Illustrate the effect of prompt engineering on tool selection. For the answer using the original agenda and agenda questions, see `discussions/tools_selection/merged.md`.

In [None]:
# Tools selection - setup
tools_selection_prior_summaries = load_summaries(
    discussion_paths=[discussions_phase_to_dir["project_specification"] / "merged.json"])
print(f"Number of prior summaries: {len(tools_selection_prior_summaries)}")

tools_selection_dir = ablations_dir / "tools_selection"

In [4]:
# Tools selection - agendas and questions
tools_selection_agendas = [
    f"{background_prompt} {nanobody_prompt} Now you need to select machine learning and/or computational tools to implement this nanobody design approach. Please list several tools (5-10) that would be relevant to this nanobody design approach and how they could be used in the context of this project.",
    f"{background_prompt} {nanobody_prompt} Now you need to select tools to implement this nanobody design approach. Please list several tools (5-10) that would be relevant to this nanobody design approach and how they could be used in the context of this project.",
    f"{background_prompt} {nanobody_prompt} Now you need to select tools to implement this nanobody design approach. Please list several tools that would be relevant to this nanobody design approach and how they could be used in the context of this project.",
    f"{background_prompt} {nanobody_prompt} Now you need to select tools to implement this nanobody design approach.
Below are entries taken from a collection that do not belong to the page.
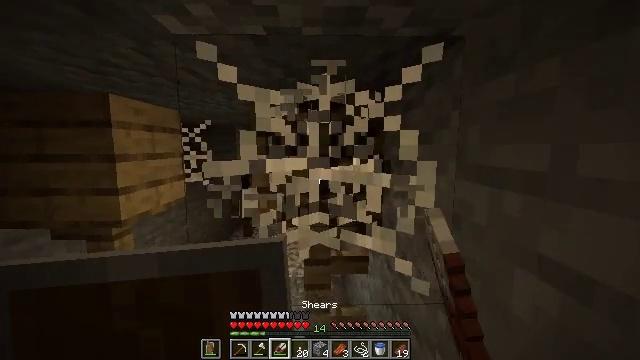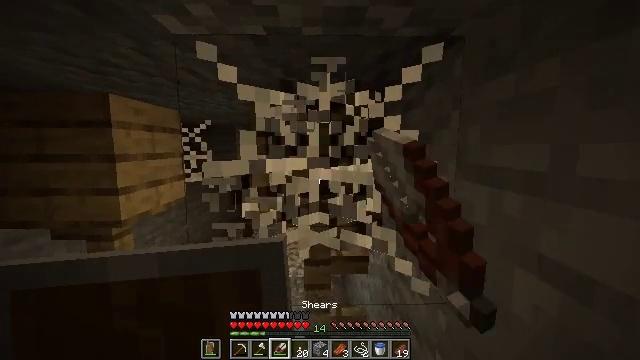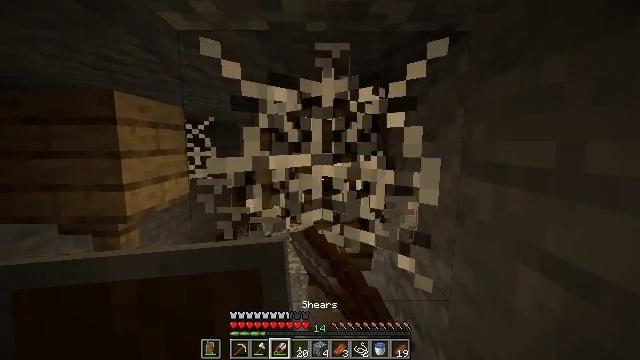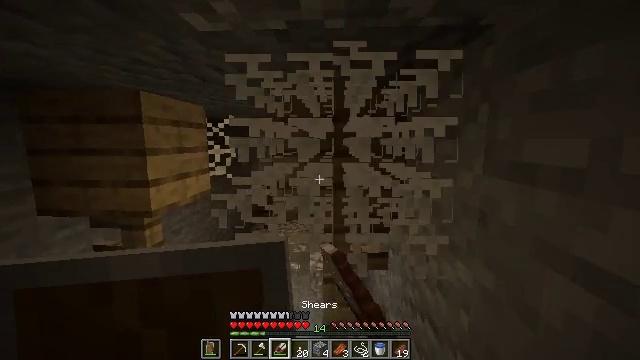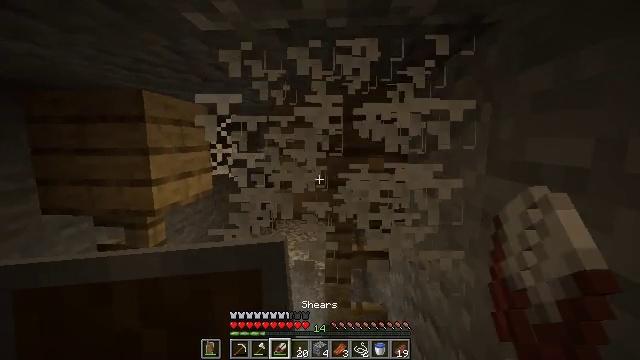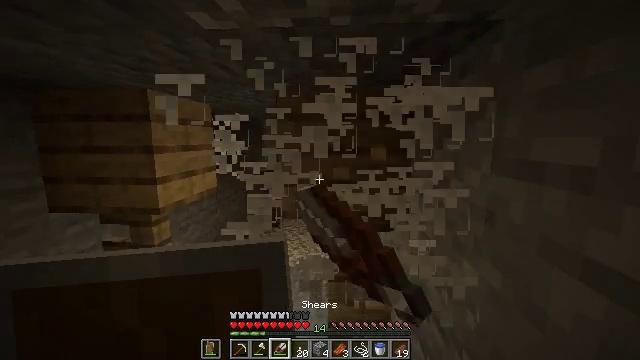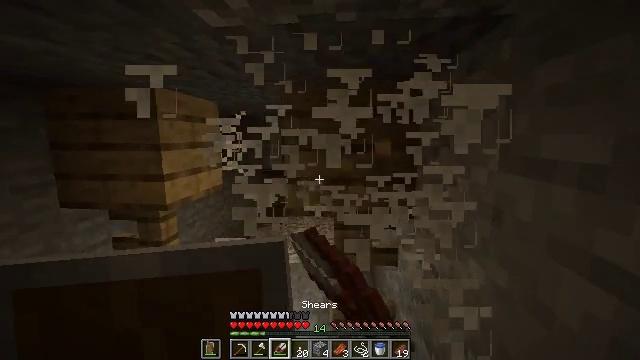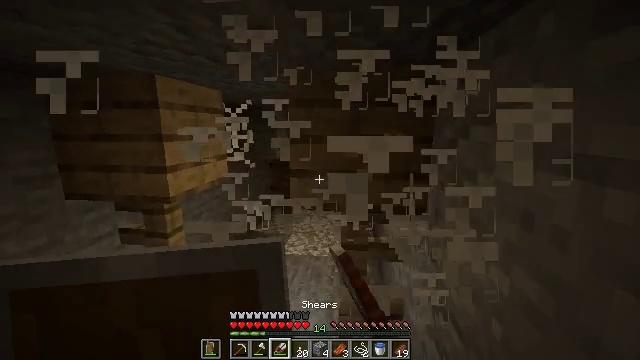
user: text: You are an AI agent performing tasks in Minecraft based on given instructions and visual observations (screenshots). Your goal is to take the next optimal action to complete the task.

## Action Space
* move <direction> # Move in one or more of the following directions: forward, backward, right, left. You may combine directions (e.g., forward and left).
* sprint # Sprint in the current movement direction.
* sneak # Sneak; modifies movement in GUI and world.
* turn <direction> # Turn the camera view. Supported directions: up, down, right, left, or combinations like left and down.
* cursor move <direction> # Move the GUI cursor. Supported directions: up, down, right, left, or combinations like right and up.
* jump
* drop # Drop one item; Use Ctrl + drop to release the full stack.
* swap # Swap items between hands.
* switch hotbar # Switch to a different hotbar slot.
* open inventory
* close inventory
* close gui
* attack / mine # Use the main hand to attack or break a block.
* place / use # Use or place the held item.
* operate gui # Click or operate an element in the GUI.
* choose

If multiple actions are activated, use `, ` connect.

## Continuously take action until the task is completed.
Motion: motion action
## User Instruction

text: Mine the cobweb to clear the path.
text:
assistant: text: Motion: attack / mine
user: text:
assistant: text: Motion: attack / mine
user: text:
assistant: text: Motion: turn left, attack / mine
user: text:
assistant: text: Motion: attack / mine
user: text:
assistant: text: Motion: attack / mine
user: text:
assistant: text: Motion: turn left, attack / mine
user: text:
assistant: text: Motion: move forward, turn left and down, attack / mine
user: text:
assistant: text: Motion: attack / mine

Please list several tools that would be relevant to this nanobody design approach.",
]

tools_selection_questions = [
    (
        "What machine learning and/or computational tools could be used for this nanobody design approach (list 5-10)?",
        "For each tool, how could it be used for designing modified nanobodies?",
    ),
    (
        "What tools could be used for this nanobody design approach (list 5-10)?",
        "For each tool, how could it be used for designing modified nanobodies?",
    ),
    (
        "What tools could be used for this nanobody design approach?",
        "For each tool, how could it be used for designing modified nanobodies?",
    ),
    (
        "What tools could be used for this nanobody design approach?",
    ),
]

In [None]:
# Tools selection – ablations
for i, (agenda, agenda_questions) in enumerate(zip(tools_selection_agendas, tools_selection_questions)):
    if i != 3:
        continue

    # Create save directory
    save_dir = tools_selection_dir / f"prompt_{i + 1}"
    save_dir.mkdir(parents=True, exist_ok=True)

    # Run meetings
    with concurrent.futures.ThreadPoolExecutor() as executor:
        concurrent.futures.wait([
            executor.submit(
                run_meeting,
                meeting_type="team",
                team_lead=principal_investigator,
                team_members=team_members,
                summaries=tools_selection_prior_summaries,
                agenda=agenda,
                agenda_questions=agenda_questions,
                save_dir=save_dir,
                save_name=f"discussion_{iteration_num + 1}",
                temperature=CREATIVE_TEMPERATURE,
                num_rounds=num_rounds,
            ) for iteration_num in range(num_iterations)
        ])

    # Load summaries
    summaries = load_summaries(discussion_paths=list(save_dir.glob("discussion_*.json")))
    print(f"Number of summaries: {len(summaries)}")

    # Create merge prompt
    merge_prompt = create_merge_prompt(agenda=agenda, agenda_questions=agenda_questions)

    # Run merge meeting
    run_meeting(
        meeting_type="individual",
        team_member=principal_investigator,
        summaries=summaries,
        agenda=merge_prompt,
        save_dir=save_dir,
        save_name="merged",
        temperature=CONSISTENT_TEMPERATURE,
        num_rounds=num_rounds,
    )

## Parallel meetings

To see the effect of parallel meetings, simply compare the individual discussions (e.g., `discussion_1.md` through `discussion_5.md`) with the result of the parallel meeting (e.g., `merged.md`) for any of the discussions.